News President of Turkey’s top court says rights rulings must be enforced as...

President of Turkey’s top court says rights rulings must be enforced as complaints top 739,000

The Turkish Constitutional Court has received more than 739,000 individual rights complaints since 2012, the court’s president said Monday, warning that constitutional protections have real meaning only when court rulings are effectively implemented by judges and public authorities, the Bold Medya news website reported.

Of those, 637,274 have been resolved, while 102,143 remain pending.

Constitutional Court President Kadir Özkaya said the court has issued approximately 87,000 findings of rights violations, including cases involving the right to a trial within a reasonable time.

“The true strength of the rule of law stems not only from the existence of norms but from their effective implementation,” Özkaya said on Monday at a conference in the southern province of Adana. He added that the ultimate goal of constitutional review was not merely to identify rights violations but to create a legal culture that prevents similar violations from recurring.

The issue of implementing Constitutional Court judgments has become increasingly significant in Turkey in recent years, with some lower courts resisting or delaying compliance with rulings in politically sensitive cases, raising questions about the authority of the country’s highest court for constitutional review.

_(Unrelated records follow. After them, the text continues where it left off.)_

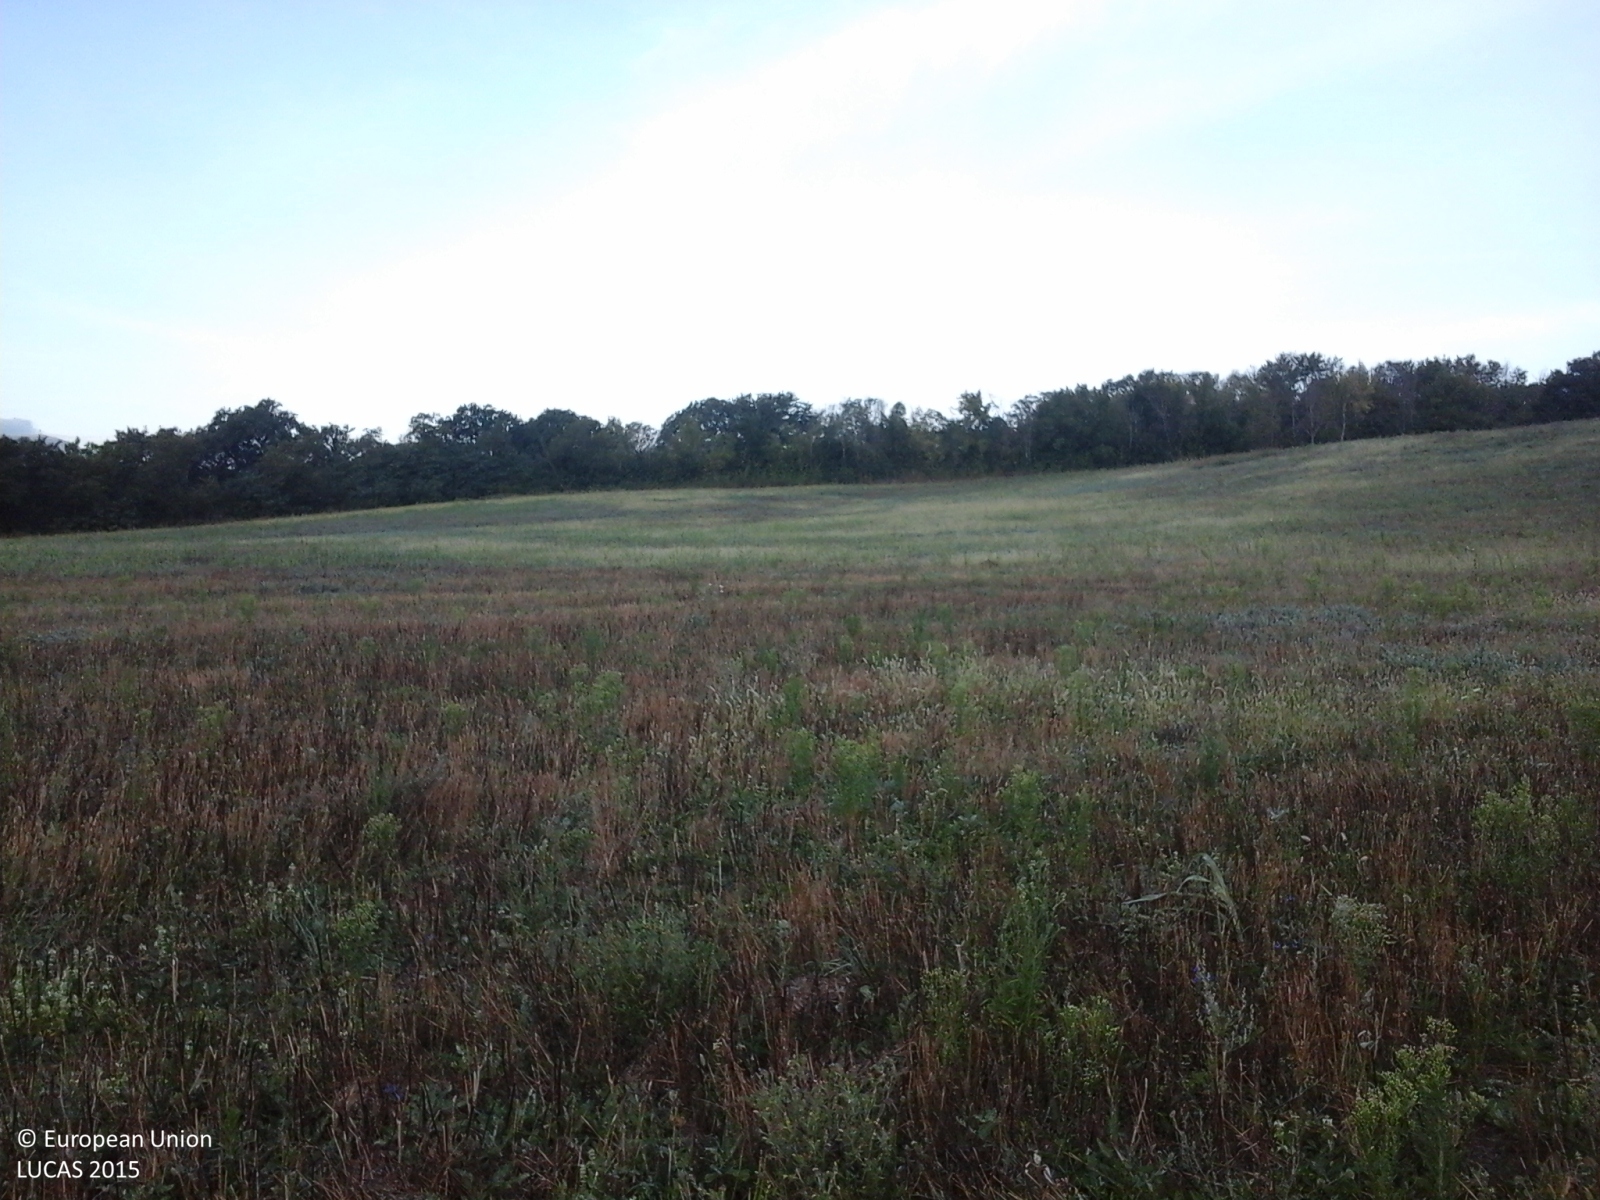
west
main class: Cropland
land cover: Barley
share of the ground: < 10 %
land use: Agriculture (excluding fallow land and kitchen gardens)
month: September
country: IT
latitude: 43.3326
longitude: 12.9891
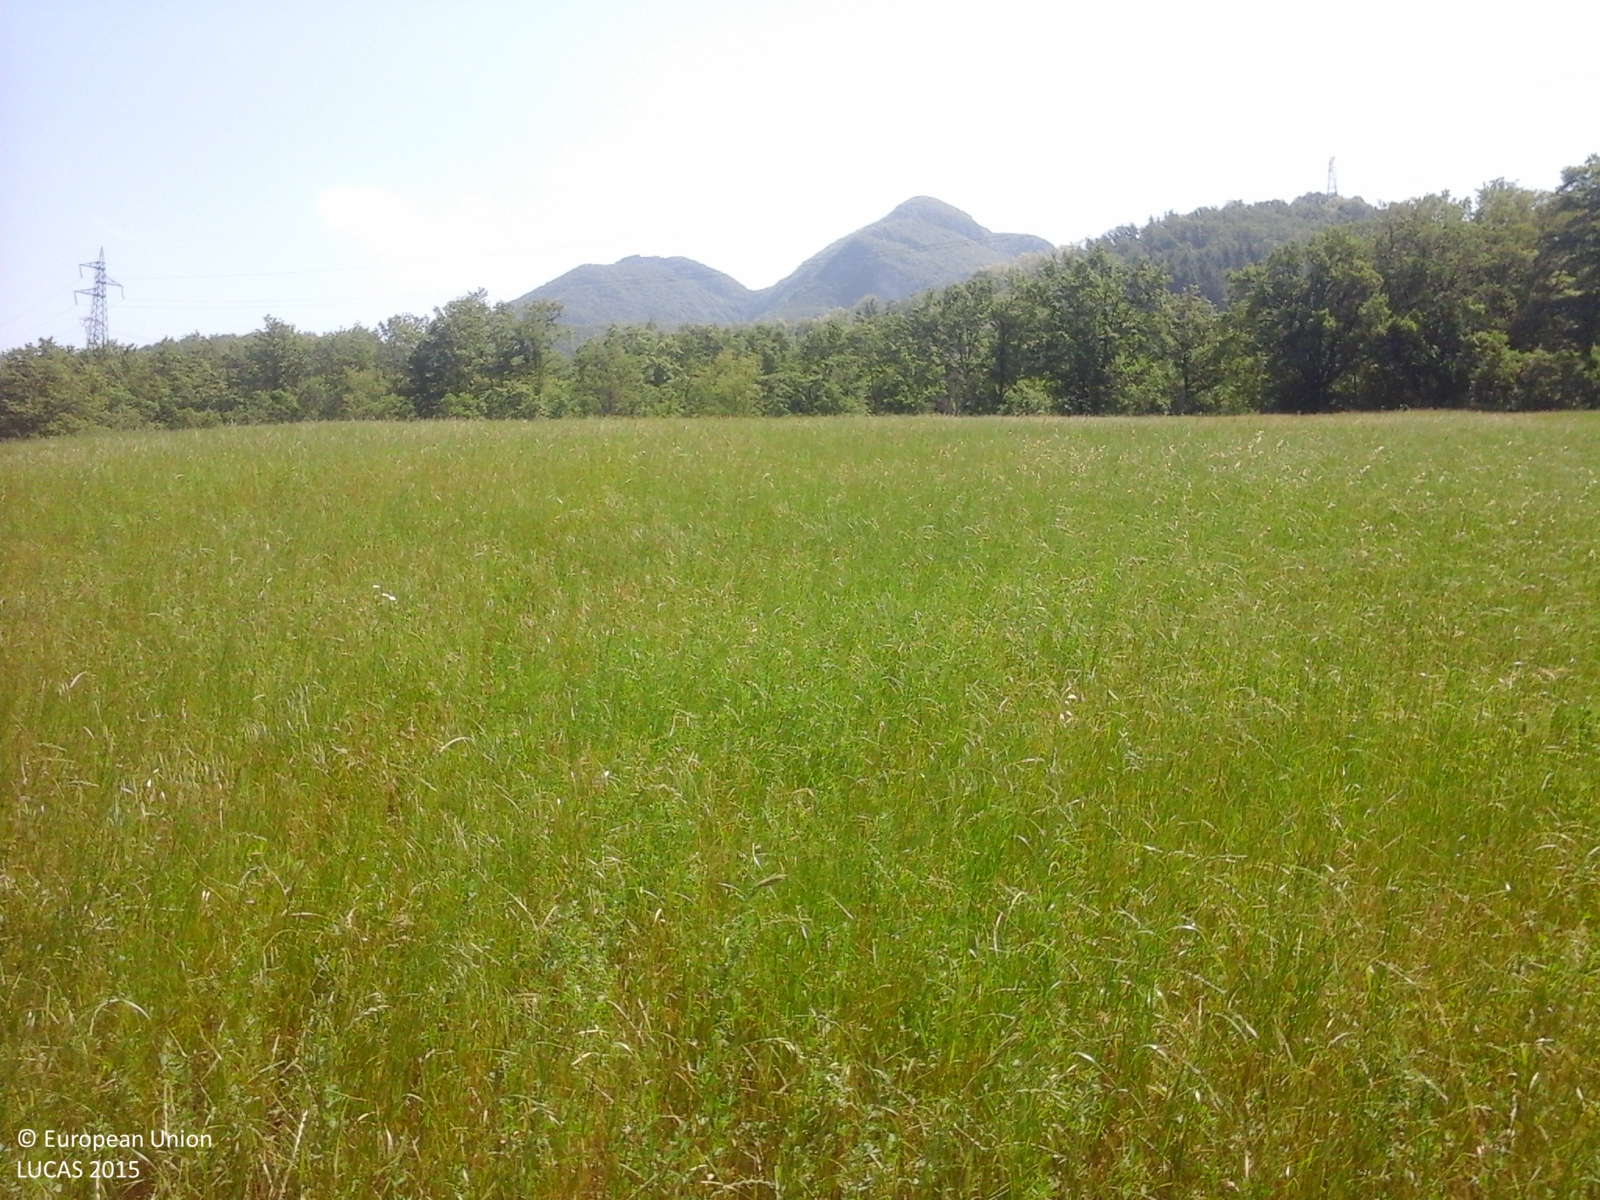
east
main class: Grassland
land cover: Grassland without tree/shrub cover
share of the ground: > 75 %
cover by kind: herbaceous plants 100 %
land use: Agriculture (excluding fallow land and kitchen gardens)
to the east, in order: Grassland without tree/shrub cover; Broadleaved woodland; Grassland without tree/shrub cover; Broadleaved woodland; Electric lines; Broadleaved woodland; Paved roads, cycling and walking lanes; Ditches and canals; Broadleaved woodland
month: May
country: IT
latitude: 44.2189
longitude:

The Constitutional Court’s rulings in the case of jailed opposition lawmaker Can Atalay, for example, triggered an unprecedented dispute within Turkey’s judiciary after lower courts declined to implement decisions finding violations of his rights.

The remarks came during the closing ceremony of a joint European Union-Council of Europe project aimed at improving the implementation of Constitutional Court judgments concerning fundamental rights.

Turkey introduced individual applications to the Constitutional Court in 2012, allowing people who claim their constitutional rights have been violated to seek redress after exhausting ordinary legal remedies. The mechanism was designed to strengthen domestic protections for fundamental rights and provide an effective remedy before cases reach the European Court of Human Rights (ECtHR).

Individual applications have since generated thousands of rulings on issues ranging from freedom of expression and fair-trial rights to property disputes, detention cases and freedom of assembly.

The court has also handled tens of thousands of applications stemming from measures adopted after a failed coup in Turkey in July 2016.

Following the coup attempt, the Turkish government declared a state of emergency (OHAL) that remained in effect until July 19, 2018. During this period, the government carried out a purge of state institutions under the pretext of an anti-coup fight by issuing a number of government decrees, known as KHKs. Over 130,000 public servants, including 4,156 judges and prosecutors, as well as more than 24,000 members of the armed forces were summarily removed from their jobs for alleged membership in or relationships with “terrorist organizations” by emergency decree-laws subject to neither judicial nor parliamentary scrutiny.

Özkaya said the success of the individual application system should not be measured solely by the number of judgments issued but by whether those decisions are reflected in judicial practice, public administration and daily life.

“The real meaning of constitutional guarantees emerges not only in court decisions but in their reflection in social life, judicial practice and the functioning of public authorities,” he said.

Many of those dismissed were accused of alleged links to the faith-based Gülen movement. 

Turkish President Recep Tayyip Erdoğan has targeted followers of the Gülen movement, inspired by the late Muslim cleric Fethullah Gülen, since corruption investigations in December 2013 implicated him as well as some members of his family and inner circle. He dismissed the probes as a Gülenist conspiracy and later designated the movement as a terrorist organization in May 2016, intensifying a sweeping crackdown after the coup attempt in July of the same year that he accused Gülen of orchestrating. The movement denies involvement in the coup attempt or any terrorist activity.